Stored entries:
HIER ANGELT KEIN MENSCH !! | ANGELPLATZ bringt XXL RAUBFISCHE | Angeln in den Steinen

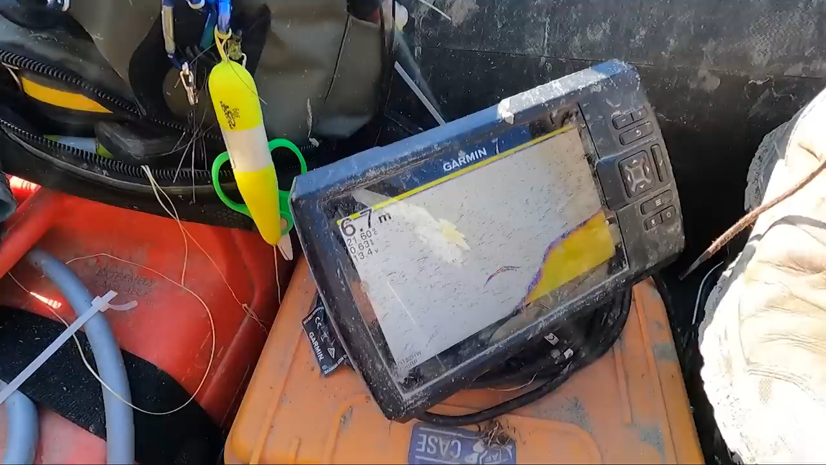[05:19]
On screen: depth 6.7 m
Wir sind jetzt relativ nah am Ufer, ich fahre jetzt mal ein bisschen nach außen.
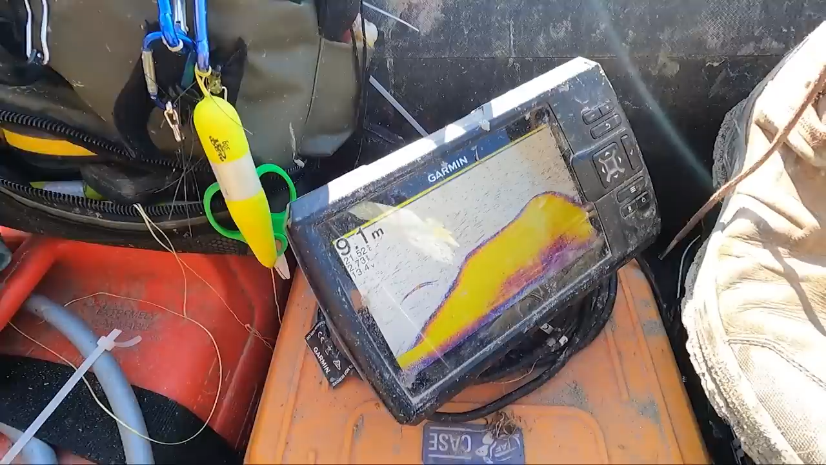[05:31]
Seht ihr jetzt diese Kante hier?
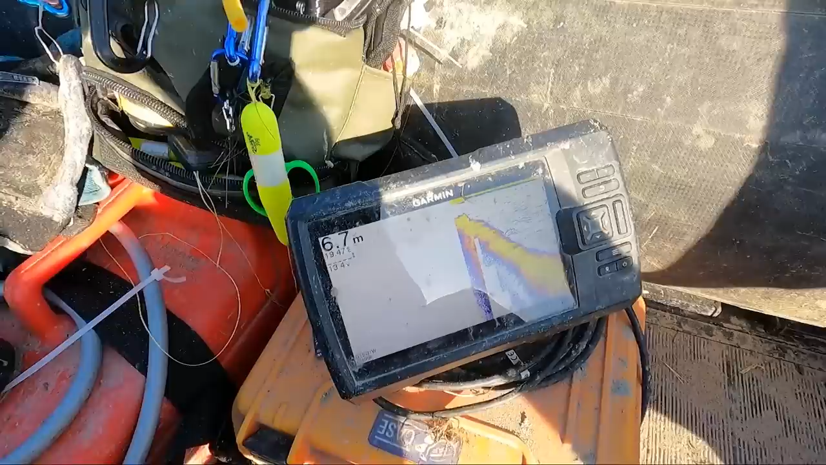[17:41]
On screen: depth 6.7 m
Hier seht ihr jetzt schön, wie die Steinpackung abfällt, fast sogar senkrecht, ne, geht die runter. Hier ist der erste Packungsfuß, wie so eine Treppe ist es hier aufgebaut. So, jetzt fahren wir mal ein bisschen weiter raus.
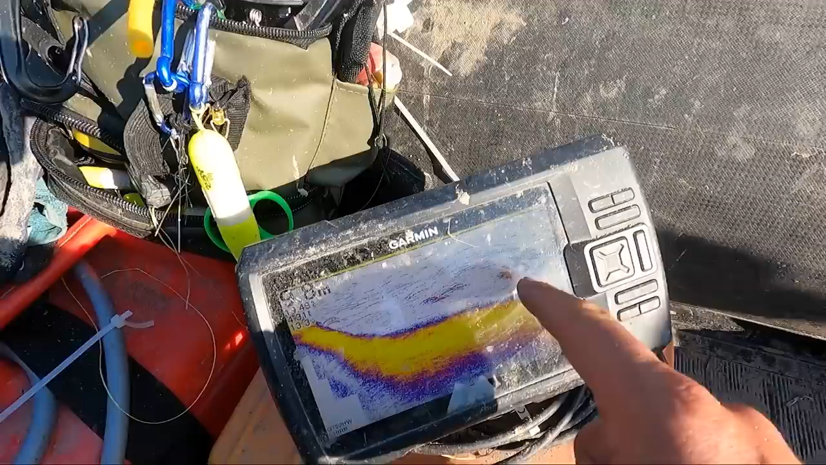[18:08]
Und genau hier in diese Kante, hier oben seht ihr Kleinfischschwärme.
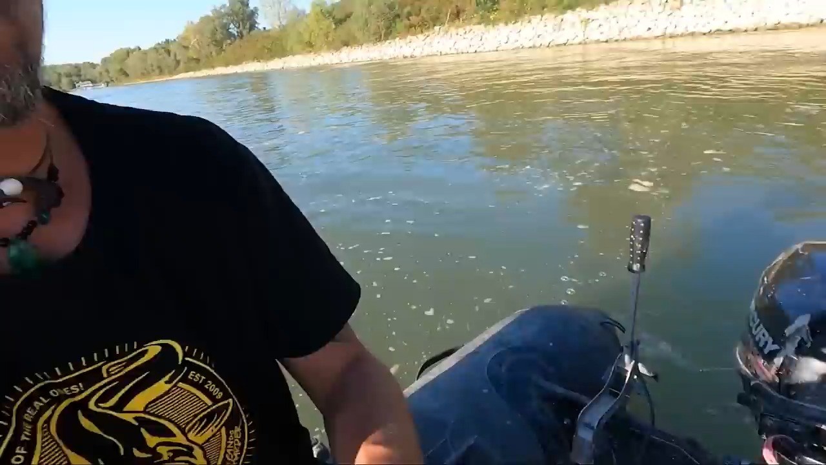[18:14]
Auf der anderen Seite lacht uns gerade eine Ente aus. Das kann doch nicht sein. Hier oben, genau an dem Kantenfuß, seht ihr Kleinfischschwärme.
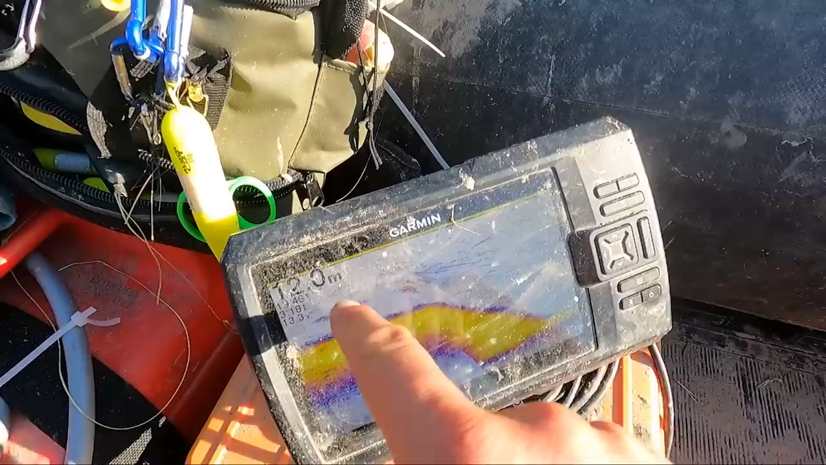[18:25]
Hier steht Fisch drauf. Und ich vermute, dass die Welse,
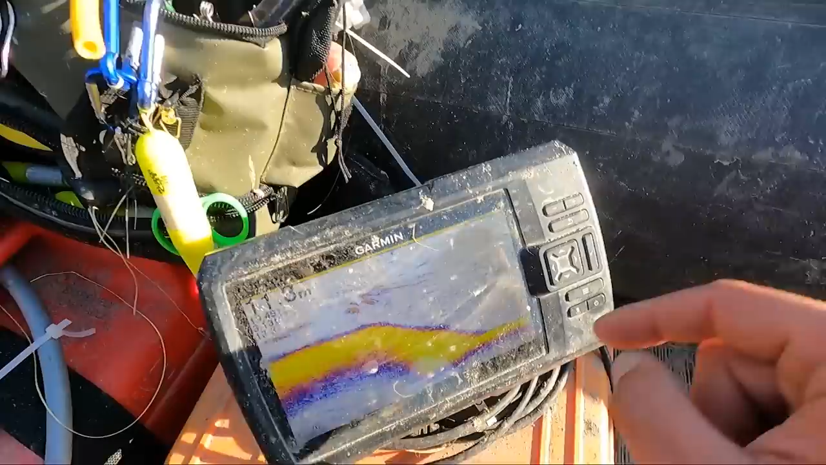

■ Work required ■
Give the entries above again exactly, minus their pictures.

■ Exercise response ■
HIER ANGELT KEIN MENSCH !! | ANGELPLATZ bringt XXL RAUBFISCHE | Angeln in den Steinen

[05:19]
On screen: depth 6.7 m
Wir sind jetzt relativ nah am Ufer, ich fahre jetzt mal ein bisschen nach außen.
[05:31]
Seht ihr jetzt diese Kante hier?
[17:41]
On screen: depth 6.7 m
Hier seht ihr jetzt schön, wie die Steinpackung abfällt, fast sogar senkrecht, ne, geht die runter. Hier ist der erste Packungsfuß, wie so eine Treppe ist es hier aufgebaut. So, jetzt fahren wir mal ein bisschen weiter raus.
[18:08]
Und genau hier in diese Kante, hier oben seht ihr Kleinfischschwärme.
[18:14]
Auf der anderen Seite lacht uns gerade eine Ente aus. Das kann doch nicht sein. Hier oben, genau an dem Kantenfuß, seht ihr Kleinfischschwärme.
[18:25]
Hier steht Fisch drauf. Und ich vermute, dass die Welse,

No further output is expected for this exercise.